17. DILEMA ZULKIFLI

171 28 0
                                    

Setelah mandi, dengan perut keroncongan Zul menuntun motornya ke kios bensin di luar komplek. Isi tangkinya bukan habis tak bersisa, ia cuma was-was tidak mendapatkan hutangan.
Matahari persis di atas kepala, dan rumah Sundari letaknya agak jauh dari gerbang komplek. Zul sampai di kios bensin bersimbah peluh.
Menebalkan muka, lelaki itu merayu gadis yang menjaga kios, supaya bisa hutang seliter bensin. Gadis itu terpikat wajah tampan Zul, menuangkan sebotol ke tangki motor.

Mengucapkan terima kasih, Zul bermaksud meninggalkan kios itu berbarengan dengan notifikasi di ponselnya. Orderan masuk.
Bersyukur akun ojolnya belum ditutup, Zul meluncur menjemput rejeki.
Sampai sore ia mendapat dua orderan yang membayar tunai. Segera ia membeli dua bungkus nasi Padang dan membawanya pulang, untuknya dan sang Ibu.

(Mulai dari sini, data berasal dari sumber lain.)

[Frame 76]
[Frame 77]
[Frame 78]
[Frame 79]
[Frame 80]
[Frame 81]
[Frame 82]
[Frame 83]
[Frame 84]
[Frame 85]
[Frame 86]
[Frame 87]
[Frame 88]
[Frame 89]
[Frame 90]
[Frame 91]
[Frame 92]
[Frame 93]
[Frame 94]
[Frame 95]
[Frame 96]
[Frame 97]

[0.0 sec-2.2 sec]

Kemudian sampai malam ia masih mendapat beberapa orderan lagi. Kali ini ada yang membayar non tunai, tapi ia tak masalah karena sudah ada cukup uang untuk membayar hutang bensin, mengisi lagi dan uang belanja hari berikutnya.
Hampir tengah malam ia menuju cafe tempat kerja Sundari, berharap gadis itu belum memesan ojol dan bersedia pulang bersamanya.
"Ndari," panggilnya sebelum perempuan itu sempat mengambil ponsel dan barang-barangnya di loker.
"Yuk, gaes, gue duluan, ya, udah dijemput."
Tak ingin Zul mengatakan hal-hal yang akan merusak citranya, Sundari cepat-cepat berpamitan.

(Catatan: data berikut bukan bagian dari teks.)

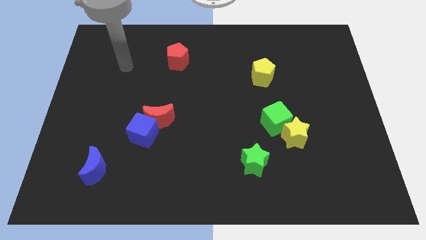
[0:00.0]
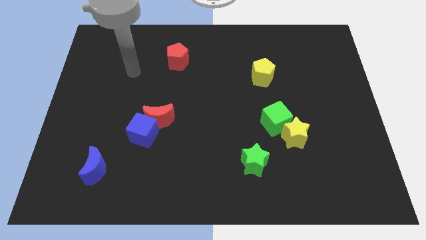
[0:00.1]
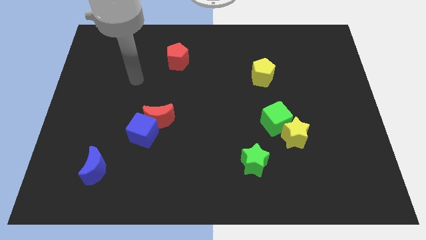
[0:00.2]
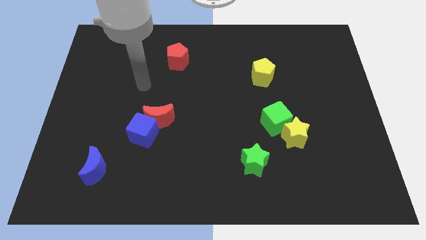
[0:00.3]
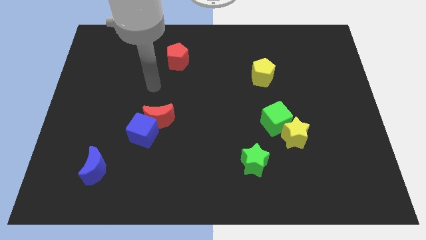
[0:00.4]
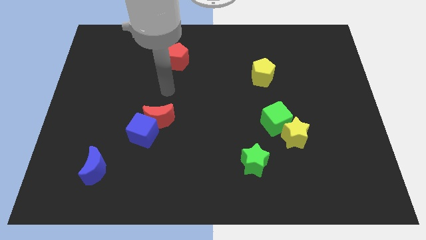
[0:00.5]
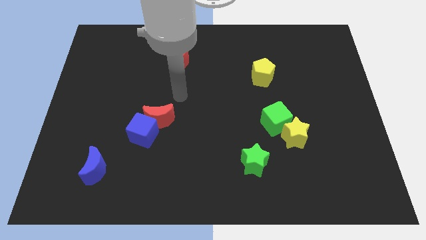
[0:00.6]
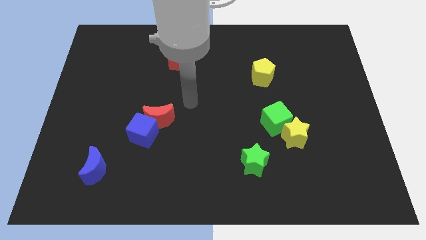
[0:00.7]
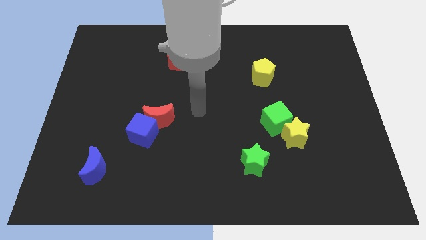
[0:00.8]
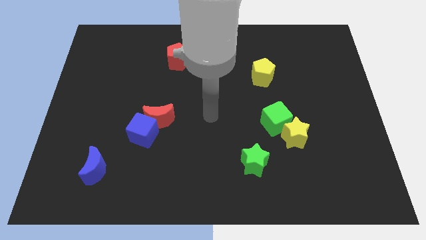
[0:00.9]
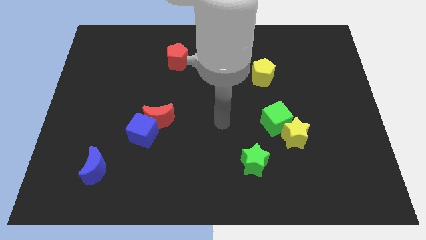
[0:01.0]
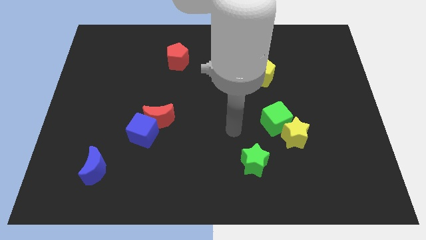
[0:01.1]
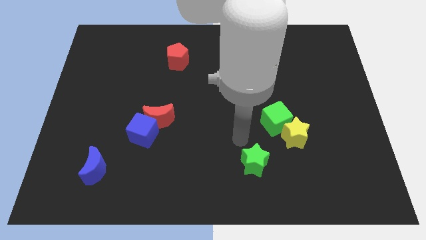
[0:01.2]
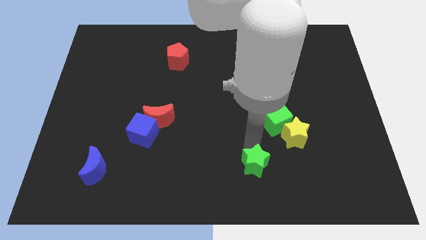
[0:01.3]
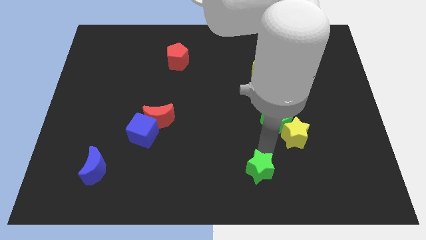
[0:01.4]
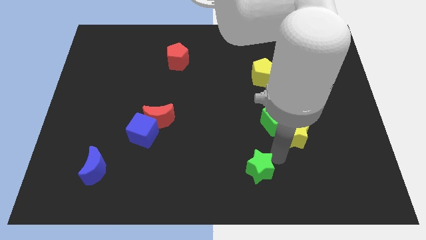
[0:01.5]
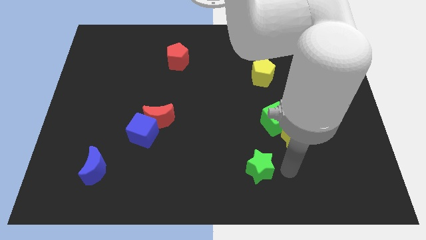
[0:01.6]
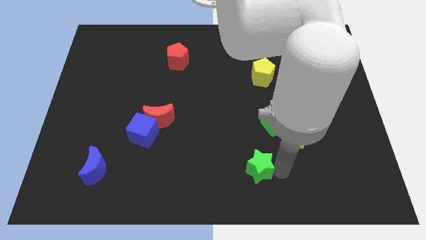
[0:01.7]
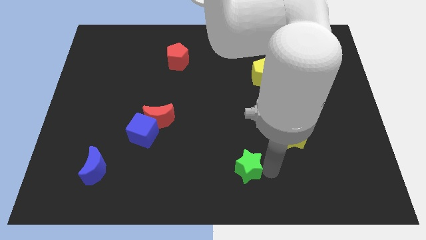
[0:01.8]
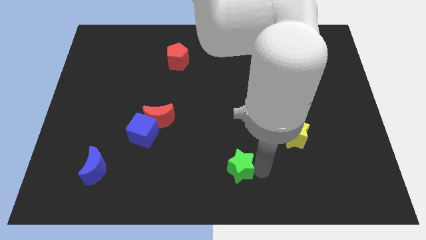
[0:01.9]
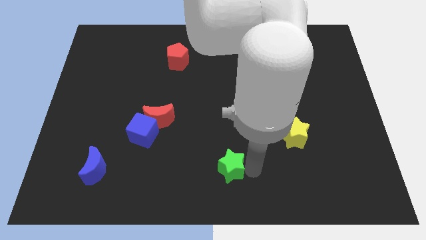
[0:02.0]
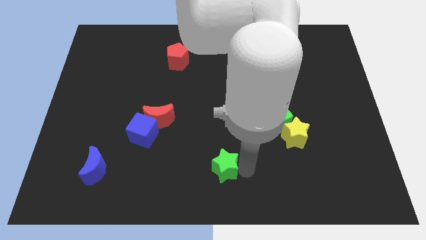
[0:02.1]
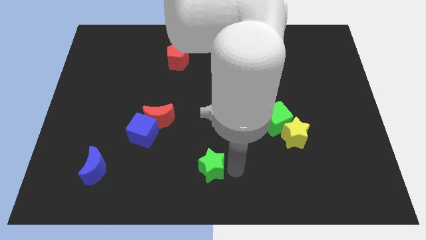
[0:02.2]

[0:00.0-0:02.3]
push the green star to the left a bit

"Sudah makan?" tanya Zul di perjalanan.
"Sudah. Tadi boss ulang tahun, membagikan nasi kotak."
"Ndari, rumah mau dijual?"
"Ya."
"Mengapa?"
"Aku tak mau serumah dengan ibumu. Aku tak mungkin mengusirnya, kan?"
"Lalu ... kau tinggal dimana?"
"Cari kos dekat cafe."
"Bagaimana hubungan kita?"
"Tak ada harapan." Gadis itu tertawa getir.
"Beberapa bulan ini kau bermalas-malasan, hanya mengantarjemput dan meniduriku. Biaya rumah, termasuk belanja, aku yang bayar. Aku capai, Zul."
"Aku masih mencintaimu, Ndari. Ayo, kita menikah lagi."
"Dan tinggal serumah dengan ibu? Tidak!"

Zul kebingungan. Ia menyayangi ibunya, dan mengerti kondisi ekonomi adiknya di desa. Ibunya lebih enak tinggal bersamanya di kota. Masalahnya perempuan yang melahirkannya itu cerewet sekali, dan Sundari tidak tahan menghadapinya.

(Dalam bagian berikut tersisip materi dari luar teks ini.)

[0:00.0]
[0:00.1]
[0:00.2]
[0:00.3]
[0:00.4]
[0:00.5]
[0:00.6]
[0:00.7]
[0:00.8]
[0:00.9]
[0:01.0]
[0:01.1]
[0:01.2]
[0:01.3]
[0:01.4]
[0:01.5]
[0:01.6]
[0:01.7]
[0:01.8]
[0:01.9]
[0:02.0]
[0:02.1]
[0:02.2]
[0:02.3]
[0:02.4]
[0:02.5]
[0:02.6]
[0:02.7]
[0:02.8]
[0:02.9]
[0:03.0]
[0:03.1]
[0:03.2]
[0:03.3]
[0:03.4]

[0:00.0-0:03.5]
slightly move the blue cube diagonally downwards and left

"Sayang, jangan tinggalkan aku. Tapi aku juga tak bisa meninggalkan Ibu."
"Maaf, ya. Aku bukan kejam, tapi cobalah pikirkan andai kau jadi aku. Tahan?"
Zul terdiam, tak mampu berucap sepatah kata pun.

"Atau begini ...," Ndari mengusulkan solusi, "kau kos dengan ibumu, setiap malam mengantarku pulang kau menginap."
"Berarti Ibu sendirian?"
"Saat ini Ibu sudah tidur, kan? Tak ada bedanya kau bermalam denganku atau dengan ibumu. Pagi-pagi kau bangun dan pulang."
"Hmmm ...."
"Berarti kau harus rajin bangun pagi, tak bisa bermalas-malasan seperti sekarang. Lagian, kau kan harus mencari nafkah untuk bayar kos, untuk belanja ibumu."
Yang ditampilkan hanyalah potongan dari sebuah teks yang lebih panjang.